→ Instructions for the task:
Every record below should be written out exactly; pictures stay out.

→ Data for the task:
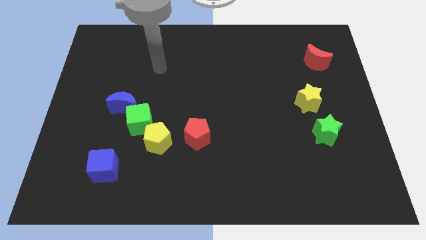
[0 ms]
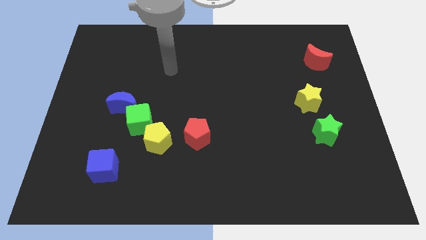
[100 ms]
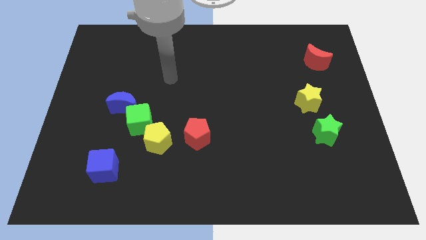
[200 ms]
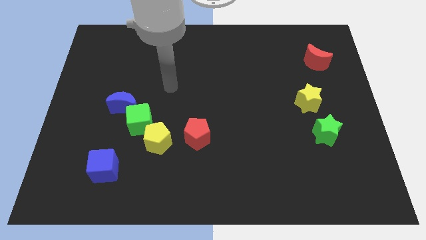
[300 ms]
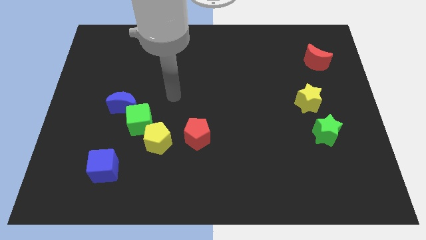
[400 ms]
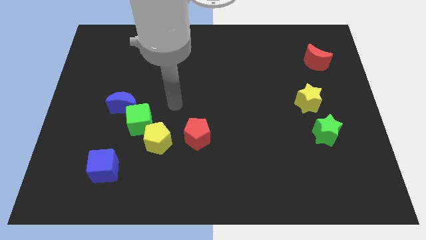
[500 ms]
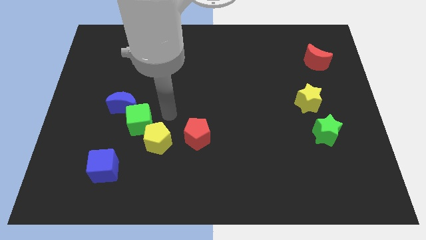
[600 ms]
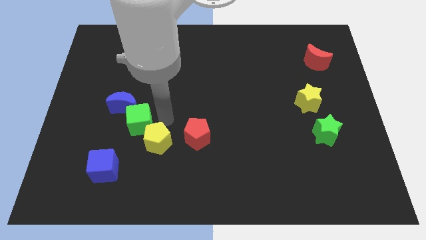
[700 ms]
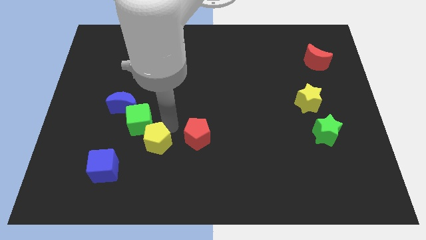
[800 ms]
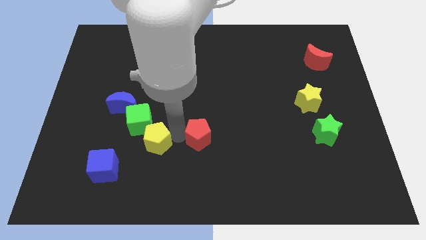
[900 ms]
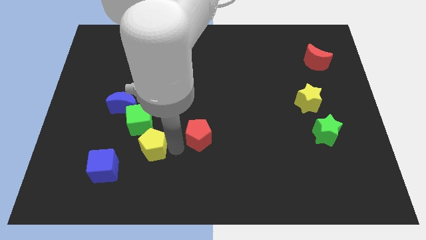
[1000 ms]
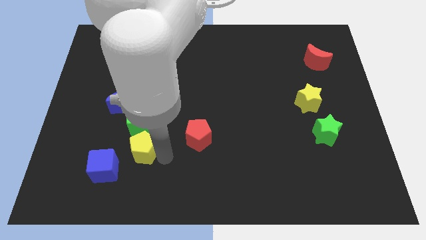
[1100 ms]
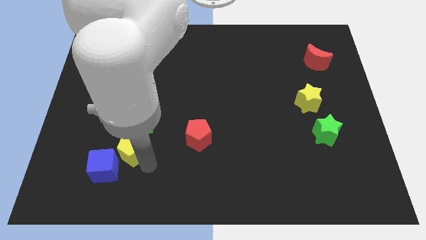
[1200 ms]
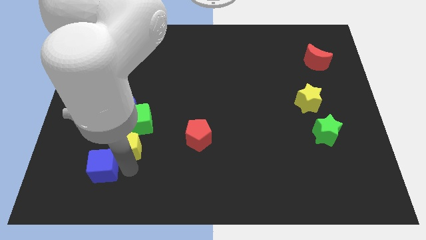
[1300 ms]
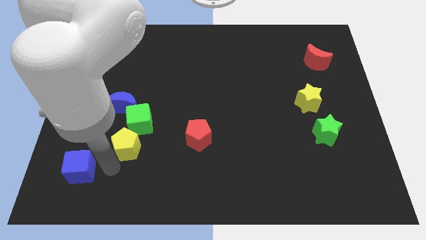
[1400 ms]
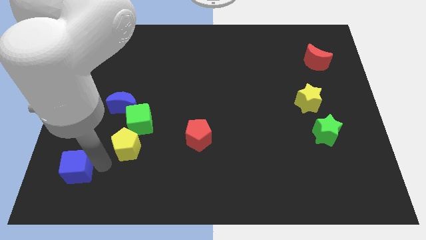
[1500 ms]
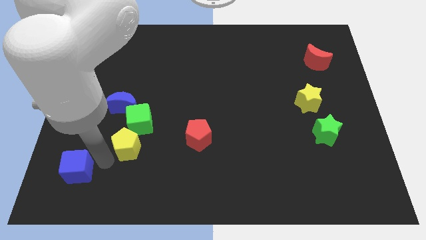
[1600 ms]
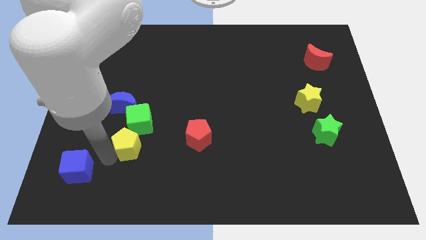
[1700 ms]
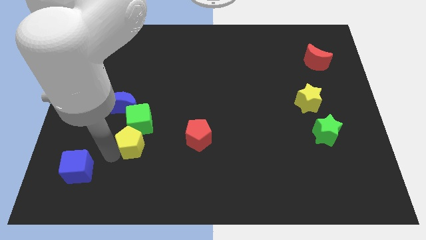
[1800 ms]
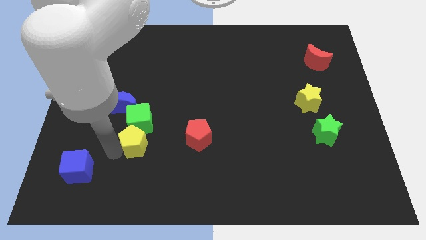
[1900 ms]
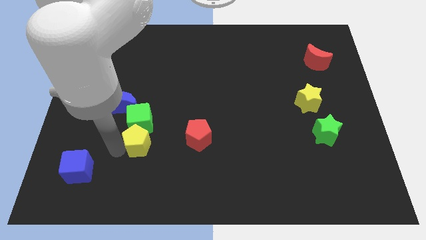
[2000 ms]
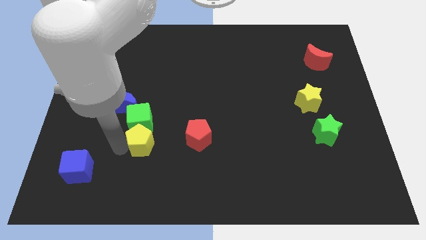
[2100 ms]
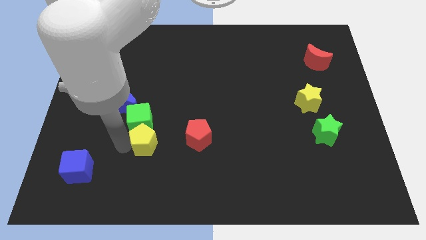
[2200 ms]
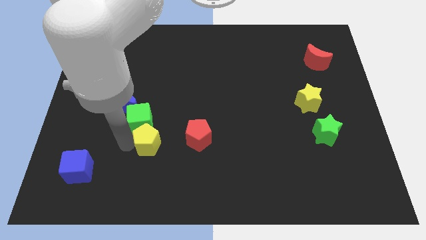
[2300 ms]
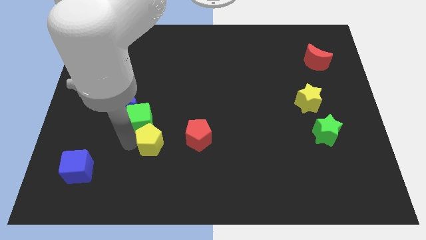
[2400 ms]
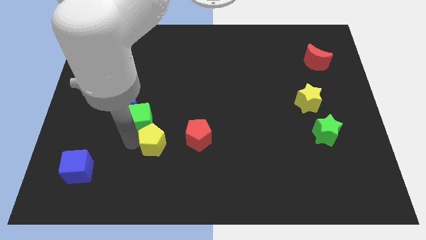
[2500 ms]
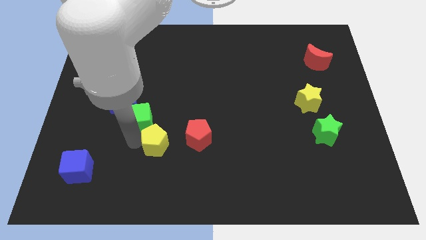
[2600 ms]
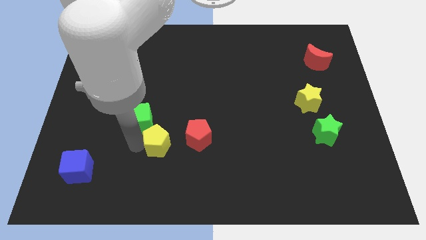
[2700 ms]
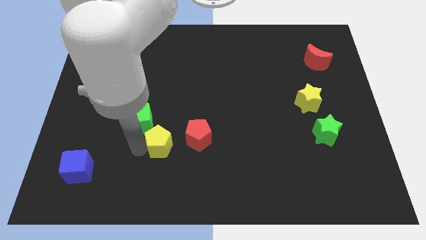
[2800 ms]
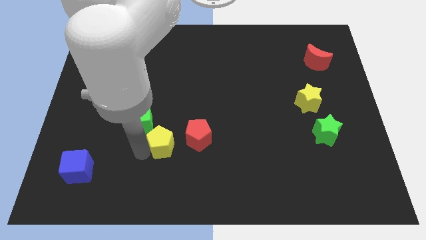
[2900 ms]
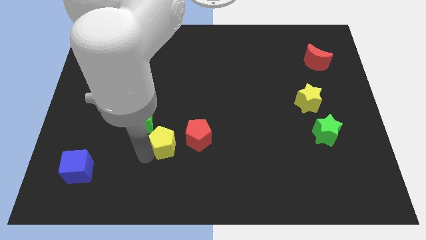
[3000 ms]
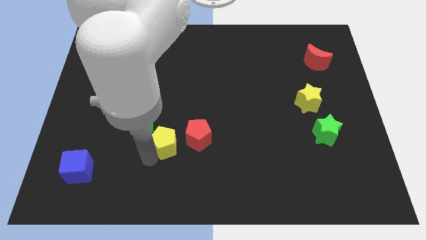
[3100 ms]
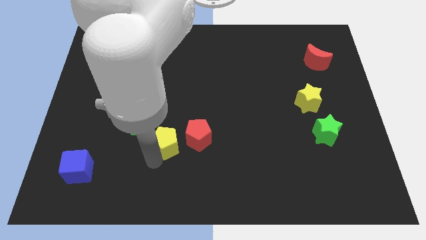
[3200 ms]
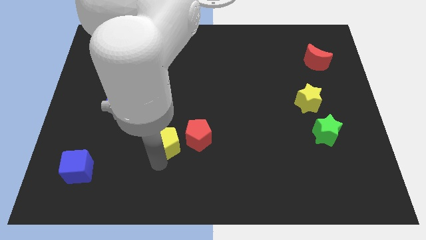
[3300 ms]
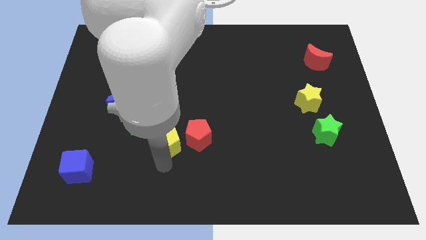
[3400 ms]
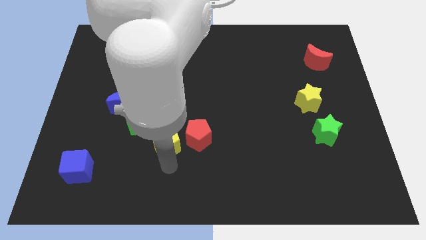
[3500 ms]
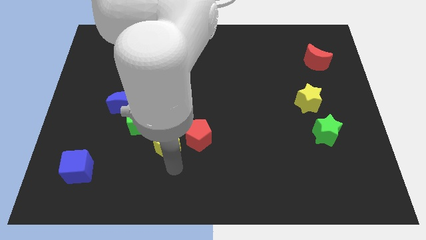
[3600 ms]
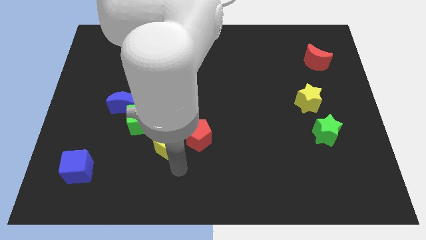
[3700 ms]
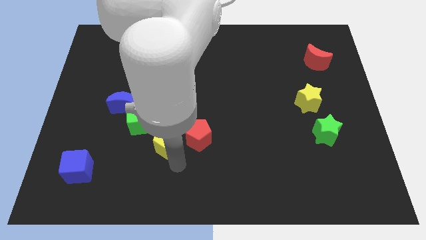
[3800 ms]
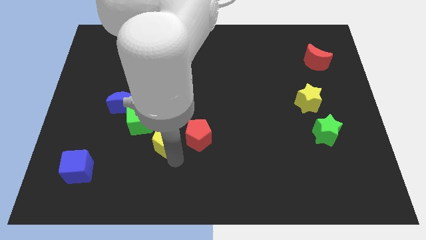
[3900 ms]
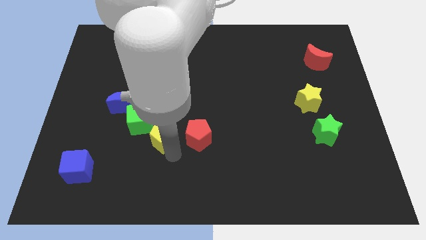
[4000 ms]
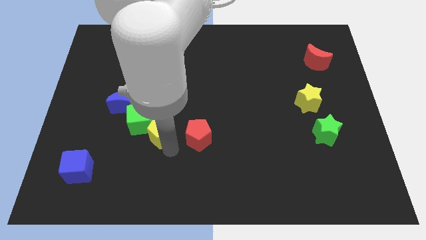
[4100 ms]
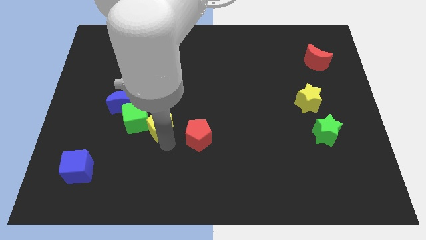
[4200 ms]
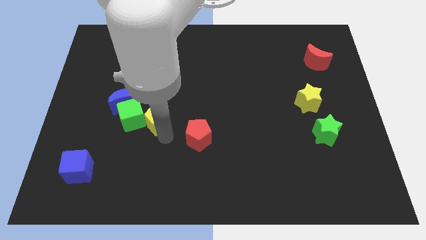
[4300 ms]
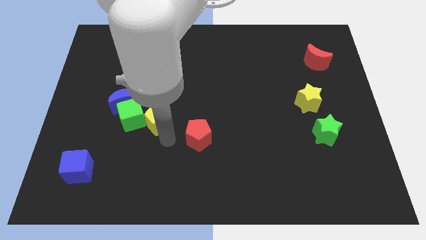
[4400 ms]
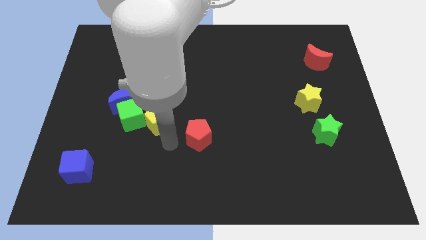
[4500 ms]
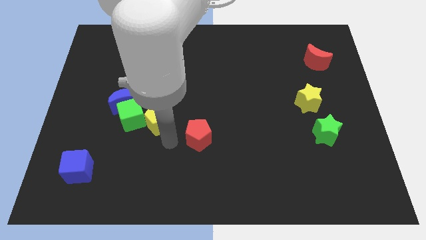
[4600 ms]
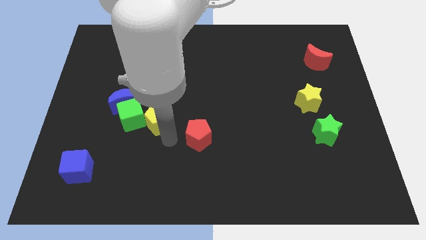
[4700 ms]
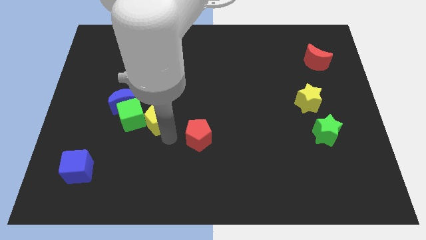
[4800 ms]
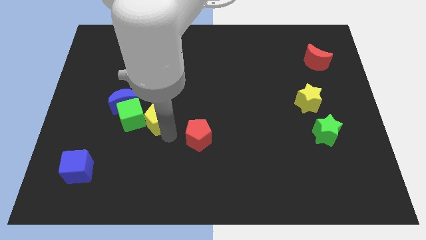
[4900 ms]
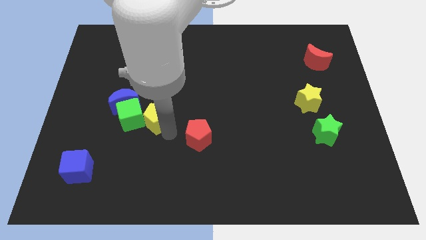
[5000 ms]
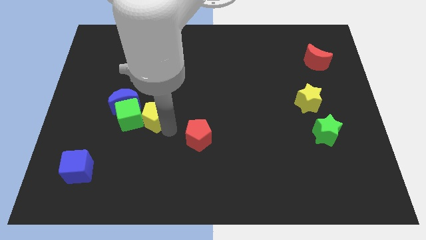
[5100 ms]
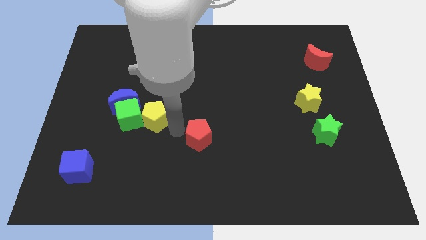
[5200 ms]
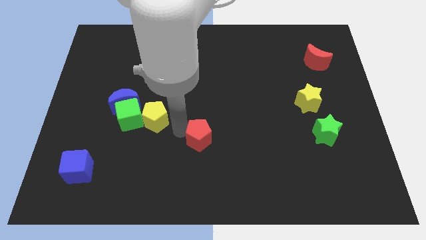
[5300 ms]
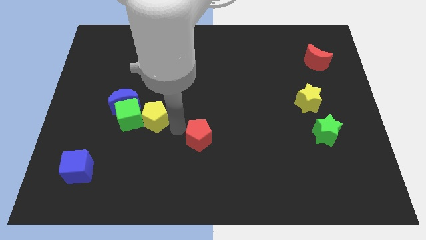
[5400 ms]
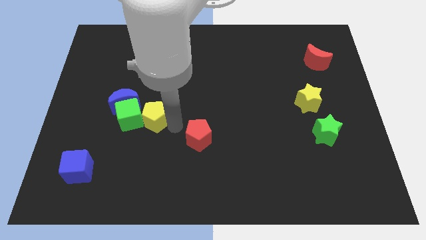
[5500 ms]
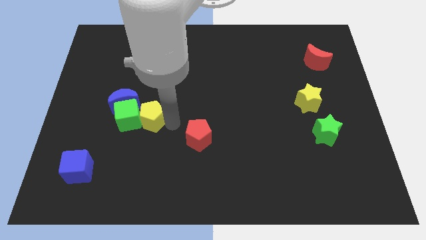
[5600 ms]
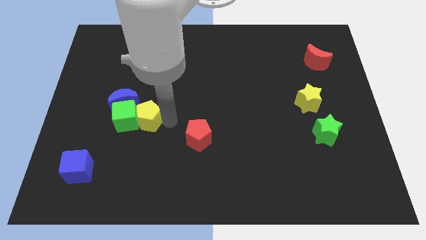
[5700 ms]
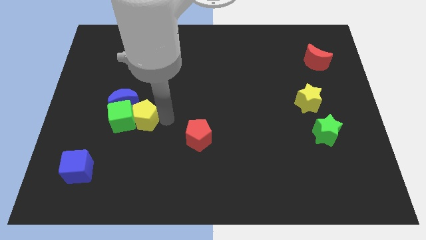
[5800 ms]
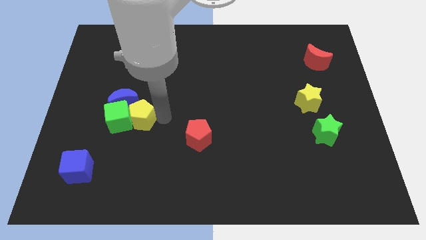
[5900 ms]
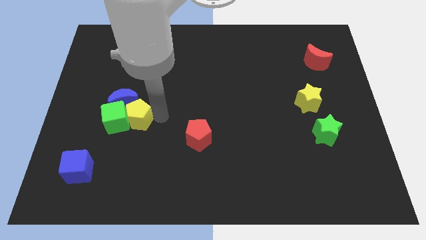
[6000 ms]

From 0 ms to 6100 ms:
push the yellow pentagon close to the blue moon

→ Task answer:
[0 ms]
[100 ms]
[200 ms]
[300 ms]
[400 ms]
[500 ms]
[600 ms]
[700 ms]
[800 ms]
[900 ms]
[1000 ms]
[1100 ms]
[1200 ms]
[1300 ms]
[1400 ms]
[1500 ms]
[1600 ms]
[1700 ms]
[1800 ms]
[1900 ms]
[2000 ms]
[2100 ms]
[2200 ms]
[2300 ms]
[2400 ms]
[2500 ms]
[2600 ms]
[2700 ms]
[2800 ms]
[2900 ms]
[3000 ms]
[3100 ms]
[3200 ms]
[3300 ms]
[3400 ms]
[3500 ms]
[3600 ms]
[3700 ms]
[3800 ms]
[3900 ms]
[4000 ms]
[4100 ms]
[4200 ms]
[4300 ms]
[4400 ms]
[4500 ms]
[4600 ms]
[4700 ms]
[4800 ms]
[4900 ms]
[5000 ms]
[5100 ms]
[5200 ms]
[5300 ms]
[5400 ms]
[5500 ms]
[5600 ms]
[5700 ms]
[5800 ms]
[5900 ms]
[6000 ms]

From 0 ms to 6100 ms:
push the yellow pentagon close to the blue moon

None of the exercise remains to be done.